▸ About this exercise: Repeat the records below line by line, exactly, finishing on the line that contains "em questões familiares, a".

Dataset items
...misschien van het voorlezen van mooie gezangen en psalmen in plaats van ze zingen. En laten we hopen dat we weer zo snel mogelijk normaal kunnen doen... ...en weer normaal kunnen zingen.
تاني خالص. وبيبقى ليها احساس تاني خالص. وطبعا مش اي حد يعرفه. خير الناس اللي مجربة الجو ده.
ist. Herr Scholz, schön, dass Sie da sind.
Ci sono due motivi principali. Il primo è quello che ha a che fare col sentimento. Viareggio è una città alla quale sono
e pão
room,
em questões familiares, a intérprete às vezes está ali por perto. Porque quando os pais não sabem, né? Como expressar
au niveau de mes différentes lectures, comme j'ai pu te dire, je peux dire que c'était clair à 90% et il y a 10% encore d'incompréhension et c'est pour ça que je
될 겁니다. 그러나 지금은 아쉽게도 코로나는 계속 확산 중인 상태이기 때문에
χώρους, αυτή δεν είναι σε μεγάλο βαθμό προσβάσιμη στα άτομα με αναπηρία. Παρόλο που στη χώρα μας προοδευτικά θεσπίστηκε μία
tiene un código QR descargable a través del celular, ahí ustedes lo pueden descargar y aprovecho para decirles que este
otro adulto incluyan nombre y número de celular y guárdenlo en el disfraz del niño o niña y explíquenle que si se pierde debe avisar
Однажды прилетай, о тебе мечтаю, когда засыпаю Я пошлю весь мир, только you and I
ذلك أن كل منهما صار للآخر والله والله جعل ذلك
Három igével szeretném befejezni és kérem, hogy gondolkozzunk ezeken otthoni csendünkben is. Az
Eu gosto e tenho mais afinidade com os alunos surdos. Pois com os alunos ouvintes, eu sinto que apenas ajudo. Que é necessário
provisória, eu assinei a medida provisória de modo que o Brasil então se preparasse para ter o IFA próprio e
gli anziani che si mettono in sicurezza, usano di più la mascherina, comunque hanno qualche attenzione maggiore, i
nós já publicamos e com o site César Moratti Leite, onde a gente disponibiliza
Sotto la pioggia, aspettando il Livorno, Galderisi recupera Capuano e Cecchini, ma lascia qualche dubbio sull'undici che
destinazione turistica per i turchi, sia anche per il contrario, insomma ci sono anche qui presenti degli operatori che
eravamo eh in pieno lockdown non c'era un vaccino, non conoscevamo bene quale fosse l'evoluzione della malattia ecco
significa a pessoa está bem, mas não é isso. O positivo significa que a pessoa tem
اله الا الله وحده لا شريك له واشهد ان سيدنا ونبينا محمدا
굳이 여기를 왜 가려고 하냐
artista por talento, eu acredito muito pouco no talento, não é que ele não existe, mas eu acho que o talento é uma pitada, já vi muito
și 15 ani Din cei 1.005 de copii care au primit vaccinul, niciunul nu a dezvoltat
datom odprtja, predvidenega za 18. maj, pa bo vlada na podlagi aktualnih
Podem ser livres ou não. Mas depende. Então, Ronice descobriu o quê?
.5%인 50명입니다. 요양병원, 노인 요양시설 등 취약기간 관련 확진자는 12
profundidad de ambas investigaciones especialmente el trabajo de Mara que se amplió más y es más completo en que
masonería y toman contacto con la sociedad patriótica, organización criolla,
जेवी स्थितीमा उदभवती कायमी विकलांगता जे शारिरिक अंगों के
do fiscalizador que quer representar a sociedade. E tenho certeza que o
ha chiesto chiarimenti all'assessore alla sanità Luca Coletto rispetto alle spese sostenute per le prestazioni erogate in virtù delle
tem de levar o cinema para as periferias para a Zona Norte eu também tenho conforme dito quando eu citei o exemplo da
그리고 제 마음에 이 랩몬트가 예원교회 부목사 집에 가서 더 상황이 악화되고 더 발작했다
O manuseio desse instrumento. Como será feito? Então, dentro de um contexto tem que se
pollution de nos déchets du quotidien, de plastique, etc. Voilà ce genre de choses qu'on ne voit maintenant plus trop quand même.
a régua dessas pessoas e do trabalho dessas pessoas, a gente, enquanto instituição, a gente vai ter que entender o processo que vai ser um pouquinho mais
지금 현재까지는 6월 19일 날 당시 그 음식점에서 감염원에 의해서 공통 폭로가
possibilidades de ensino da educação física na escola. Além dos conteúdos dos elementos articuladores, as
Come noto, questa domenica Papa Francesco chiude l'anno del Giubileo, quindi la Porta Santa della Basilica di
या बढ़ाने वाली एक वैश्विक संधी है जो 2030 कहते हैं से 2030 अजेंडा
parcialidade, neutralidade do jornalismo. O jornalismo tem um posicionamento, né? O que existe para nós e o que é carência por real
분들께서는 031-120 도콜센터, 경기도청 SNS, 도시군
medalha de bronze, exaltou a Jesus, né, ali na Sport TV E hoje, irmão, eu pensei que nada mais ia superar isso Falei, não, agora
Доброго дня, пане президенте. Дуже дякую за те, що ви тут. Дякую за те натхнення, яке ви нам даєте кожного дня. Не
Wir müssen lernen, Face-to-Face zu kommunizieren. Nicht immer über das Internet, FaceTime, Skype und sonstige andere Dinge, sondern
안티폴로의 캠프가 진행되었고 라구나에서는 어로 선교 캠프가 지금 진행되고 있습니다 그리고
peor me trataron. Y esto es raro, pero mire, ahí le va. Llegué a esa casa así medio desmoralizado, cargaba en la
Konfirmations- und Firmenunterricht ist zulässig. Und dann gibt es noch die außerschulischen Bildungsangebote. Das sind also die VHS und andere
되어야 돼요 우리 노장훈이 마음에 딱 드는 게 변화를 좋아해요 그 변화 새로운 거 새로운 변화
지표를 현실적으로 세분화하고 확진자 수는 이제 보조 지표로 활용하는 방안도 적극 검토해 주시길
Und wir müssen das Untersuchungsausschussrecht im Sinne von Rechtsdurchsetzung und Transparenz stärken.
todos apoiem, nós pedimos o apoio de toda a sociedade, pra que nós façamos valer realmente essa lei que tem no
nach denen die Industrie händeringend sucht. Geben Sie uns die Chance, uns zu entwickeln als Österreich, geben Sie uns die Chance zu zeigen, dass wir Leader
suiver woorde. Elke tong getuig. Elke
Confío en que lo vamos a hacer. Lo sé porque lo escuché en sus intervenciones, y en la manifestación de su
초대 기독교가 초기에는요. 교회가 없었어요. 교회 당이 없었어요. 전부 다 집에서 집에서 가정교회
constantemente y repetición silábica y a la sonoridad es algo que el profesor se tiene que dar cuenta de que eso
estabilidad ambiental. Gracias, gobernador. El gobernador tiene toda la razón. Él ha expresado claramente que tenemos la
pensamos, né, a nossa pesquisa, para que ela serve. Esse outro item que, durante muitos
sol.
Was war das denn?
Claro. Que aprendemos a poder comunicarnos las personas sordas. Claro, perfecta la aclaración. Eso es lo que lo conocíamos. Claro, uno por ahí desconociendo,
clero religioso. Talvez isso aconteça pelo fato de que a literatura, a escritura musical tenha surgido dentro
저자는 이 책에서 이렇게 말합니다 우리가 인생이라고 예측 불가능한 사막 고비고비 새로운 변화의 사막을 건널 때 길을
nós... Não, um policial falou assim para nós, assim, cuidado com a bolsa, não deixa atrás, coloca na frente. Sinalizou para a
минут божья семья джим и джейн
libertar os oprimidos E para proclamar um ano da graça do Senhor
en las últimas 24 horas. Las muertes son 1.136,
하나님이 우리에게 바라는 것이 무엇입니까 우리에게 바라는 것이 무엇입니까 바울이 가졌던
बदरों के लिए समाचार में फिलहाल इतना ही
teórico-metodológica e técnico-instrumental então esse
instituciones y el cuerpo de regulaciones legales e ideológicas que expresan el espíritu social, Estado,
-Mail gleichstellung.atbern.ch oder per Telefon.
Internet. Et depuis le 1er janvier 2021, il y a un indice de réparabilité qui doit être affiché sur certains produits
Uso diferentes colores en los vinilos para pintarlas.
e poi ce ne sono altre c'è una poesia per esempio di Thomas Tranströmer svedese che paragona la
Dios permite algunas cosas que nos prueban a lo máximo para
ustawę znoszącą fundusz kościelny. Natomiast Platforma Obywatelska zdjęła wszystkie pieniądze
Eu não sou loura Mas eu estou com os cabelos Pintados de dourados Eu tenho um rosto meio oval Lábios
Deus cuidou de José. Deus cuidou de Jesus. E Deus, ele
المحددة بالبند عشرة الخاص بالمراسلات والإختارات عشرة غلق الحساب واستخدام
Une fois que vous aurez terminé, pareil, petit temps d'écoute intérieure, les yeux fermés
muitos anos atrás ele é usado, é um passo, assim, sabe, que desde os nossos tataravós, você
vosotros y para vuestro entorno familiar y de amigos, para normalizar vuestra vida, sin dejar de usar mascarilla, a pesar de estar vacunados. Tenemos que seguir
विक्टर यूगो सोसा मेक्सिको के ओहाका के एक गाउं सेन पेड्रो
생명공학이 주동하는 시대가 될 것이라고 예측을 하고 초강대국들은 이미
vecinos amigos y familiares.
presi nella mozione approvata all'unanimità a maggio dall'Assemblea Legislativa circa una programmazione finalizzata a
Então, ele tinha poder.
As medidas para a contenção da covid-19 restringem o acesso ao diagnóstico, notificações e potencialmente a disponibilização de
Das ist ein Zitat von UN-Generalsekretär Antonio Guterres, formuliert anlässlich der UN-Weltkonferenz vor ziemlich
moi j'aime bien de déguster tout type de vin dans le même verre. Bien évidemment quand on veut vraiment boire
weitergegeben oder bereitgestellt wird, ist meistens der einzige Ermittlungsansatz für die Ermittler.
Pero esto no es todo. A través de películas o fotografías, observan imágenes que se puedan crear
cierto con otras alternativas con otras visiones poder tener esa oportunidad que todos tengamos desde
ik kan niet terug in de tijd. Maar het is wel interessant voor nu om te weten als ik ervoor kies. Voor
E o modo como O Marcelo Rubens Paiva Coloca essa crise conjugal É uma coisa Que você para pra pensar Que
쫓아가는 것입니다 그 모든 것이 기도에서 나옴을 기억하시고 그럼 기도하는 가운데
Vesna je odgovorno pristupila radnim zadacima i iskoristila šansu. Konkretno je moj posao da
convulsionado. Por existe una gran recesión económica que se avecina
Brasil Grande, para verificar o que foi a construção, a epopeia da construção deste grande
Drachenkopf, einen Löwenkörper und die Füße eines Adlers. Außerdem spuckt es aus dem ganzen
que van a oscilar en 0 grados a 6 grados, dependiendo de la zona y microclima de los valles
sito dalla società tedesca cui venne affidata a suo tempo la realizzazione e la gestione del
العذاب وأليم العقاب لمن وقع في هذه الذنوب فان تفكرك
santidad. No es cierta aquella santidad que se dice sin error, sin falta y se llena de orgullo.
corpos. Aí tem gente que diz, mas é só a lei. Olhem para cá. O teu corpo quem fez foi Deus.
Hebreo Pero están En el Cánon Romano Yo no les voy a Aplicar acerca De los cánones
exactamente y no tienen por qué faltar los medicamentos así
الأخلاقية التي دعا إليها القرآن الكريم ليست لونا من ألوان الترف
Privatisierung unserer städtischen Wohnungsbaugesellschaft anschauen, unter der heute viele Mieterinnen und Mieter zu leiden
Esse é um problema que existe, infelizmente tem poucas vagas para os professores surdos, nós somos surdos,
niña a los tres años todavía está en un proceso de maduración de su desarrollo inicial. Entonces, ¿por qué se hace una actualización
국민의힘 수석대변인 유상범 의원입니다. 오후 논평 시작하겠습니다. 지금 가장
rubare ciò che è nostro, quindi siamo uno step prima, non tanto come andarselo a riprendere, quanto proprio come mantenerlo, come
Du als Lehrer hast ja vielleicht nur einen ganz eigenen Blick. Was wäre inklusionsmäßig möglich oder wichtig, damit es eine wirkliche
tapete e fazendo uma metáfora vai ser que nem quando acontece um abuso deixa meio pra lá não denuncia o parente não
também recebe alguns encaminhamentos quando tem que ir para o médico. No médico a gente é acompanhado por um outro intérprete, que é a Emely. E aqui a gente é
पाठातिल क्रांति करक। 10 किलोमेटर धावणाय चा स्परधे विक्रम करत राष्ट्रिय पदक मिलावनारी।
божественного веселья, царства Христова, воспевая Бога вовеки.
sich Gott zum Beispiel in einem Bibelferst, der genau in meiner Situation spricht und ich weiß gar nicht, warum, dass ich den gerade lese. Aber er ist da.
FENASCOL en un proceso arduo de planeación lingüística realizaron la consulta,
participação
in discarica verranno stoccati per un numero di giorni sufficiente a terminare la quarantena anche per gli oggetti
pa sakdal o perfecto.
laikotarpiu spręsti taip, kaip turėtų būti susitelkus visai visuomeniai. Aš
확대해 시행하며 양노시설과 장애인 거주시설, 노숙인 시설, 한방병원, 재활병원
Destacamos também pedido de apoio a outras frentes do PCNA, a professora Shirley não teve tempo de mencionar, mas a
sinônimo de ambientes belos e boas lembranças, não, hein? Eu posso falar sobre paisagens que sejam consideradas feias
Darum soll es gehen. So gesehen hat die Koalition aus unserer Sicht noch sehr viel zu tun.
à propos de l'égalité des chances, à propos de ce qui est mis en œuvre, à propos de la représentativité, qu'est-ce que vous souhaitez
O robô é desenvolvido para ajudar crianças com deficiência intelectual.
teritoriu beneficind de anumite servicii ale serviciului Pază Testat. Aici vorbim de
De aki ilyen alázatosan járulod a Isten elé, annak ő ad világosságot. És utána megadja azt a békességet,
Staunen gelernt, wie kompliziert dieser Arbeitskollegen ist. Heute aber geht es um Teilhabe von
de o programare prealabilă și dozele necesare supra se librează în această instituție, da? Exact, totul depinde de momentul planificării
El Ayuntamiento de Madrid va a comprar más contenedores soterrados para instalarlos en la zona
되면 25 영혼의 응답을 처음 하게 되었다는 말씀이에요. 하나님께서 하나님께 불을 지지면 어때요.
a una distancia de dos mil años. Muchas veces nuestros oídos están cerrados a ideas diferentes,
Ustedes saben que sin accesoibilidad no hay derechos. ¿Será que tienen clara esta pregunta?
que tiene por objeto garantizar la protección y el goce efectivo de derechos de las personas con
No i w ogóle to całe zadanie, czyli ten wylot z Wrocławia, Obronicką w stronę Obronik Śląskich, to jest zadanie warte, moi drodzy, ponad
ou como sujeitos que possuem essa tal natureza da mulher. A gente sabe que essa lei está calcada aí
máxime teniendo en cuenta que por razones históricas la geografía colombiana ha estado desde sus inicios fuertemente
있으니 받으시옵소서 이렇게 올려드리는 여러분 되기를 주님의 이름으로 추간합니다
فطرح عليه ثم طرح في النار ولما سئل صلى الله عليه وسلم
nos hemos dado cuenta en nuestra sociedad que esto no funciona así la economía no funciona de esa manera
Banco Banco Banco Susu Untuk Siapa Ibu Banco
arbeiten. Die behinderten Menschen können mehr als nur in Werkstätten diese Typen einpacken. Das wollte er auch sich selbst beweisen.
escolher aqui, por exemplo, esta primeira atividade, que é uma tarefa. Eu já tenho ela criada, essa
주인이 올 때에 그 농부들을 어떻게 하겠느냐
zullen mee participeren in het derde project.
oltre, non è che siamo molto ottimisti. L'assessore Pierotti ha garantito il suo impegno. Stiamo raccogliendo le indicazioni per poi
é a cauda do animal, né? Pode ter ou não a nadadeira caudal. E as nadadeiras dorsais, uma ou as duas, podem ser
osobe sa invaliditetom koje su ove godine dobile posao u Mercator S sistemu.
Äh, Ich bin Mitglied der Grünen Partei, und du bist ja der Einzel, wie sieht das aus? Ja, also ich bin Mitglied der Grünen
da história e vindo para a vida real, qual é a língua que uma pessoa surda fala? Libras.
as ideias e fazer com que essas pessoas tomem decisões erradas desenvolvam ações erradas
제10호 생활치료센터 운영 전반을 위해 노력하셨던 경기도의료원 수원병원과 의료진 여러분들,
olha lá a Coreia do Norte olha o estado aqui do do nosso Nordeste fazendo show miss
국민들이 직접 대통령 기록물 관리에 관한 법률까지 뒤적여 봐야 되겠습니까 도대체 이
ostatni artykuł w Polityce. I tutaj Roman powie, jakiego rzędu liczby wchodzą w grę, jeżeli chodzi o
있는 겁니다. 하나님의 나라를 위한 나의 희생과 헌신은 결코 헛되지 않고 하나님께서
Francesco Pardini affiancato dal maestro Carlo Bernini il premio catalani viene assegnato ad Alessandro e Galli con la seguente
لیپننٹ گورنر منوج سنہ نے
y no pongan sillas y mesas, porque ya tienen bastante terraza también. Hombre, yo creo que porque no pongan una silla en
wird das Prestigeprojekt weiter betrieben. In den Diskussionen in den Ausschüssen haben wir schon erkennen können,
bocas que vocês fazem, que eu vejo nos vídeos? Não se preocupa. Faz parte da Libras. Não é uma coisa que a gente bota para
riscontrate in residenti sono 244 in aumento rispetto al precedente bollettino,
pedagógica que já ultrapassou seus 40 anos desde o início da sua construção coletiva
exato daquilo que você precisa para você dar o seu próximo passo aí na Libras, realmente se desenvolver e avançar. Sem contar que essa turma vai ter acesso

▸ Finished exercise:
...misschien van het voorlezen van mooie gezangen en psalmen in plaats van ze zingen. En laten we hopen dat we weer zo snel mogelijk normaal kunnen doen... ...en weer normaal kunnen zingen.
تاني خالص. وبيبقى ليها احساس تاني خالص. وطبعا مش اي حد يعرفه. خير الناس اللي مجربة الجو ده.
ist. Herr Scholz, schön, dass Sie da sind.
Ci sono due motivi principali. Il primo è quello che ha a che fare col sentimento. Viareggio è una città alla quale sono
e pão
room,
em questões familiares, a intérprete às vezes está ali por perto. Porque quando os pais não sabem, né? Como expressar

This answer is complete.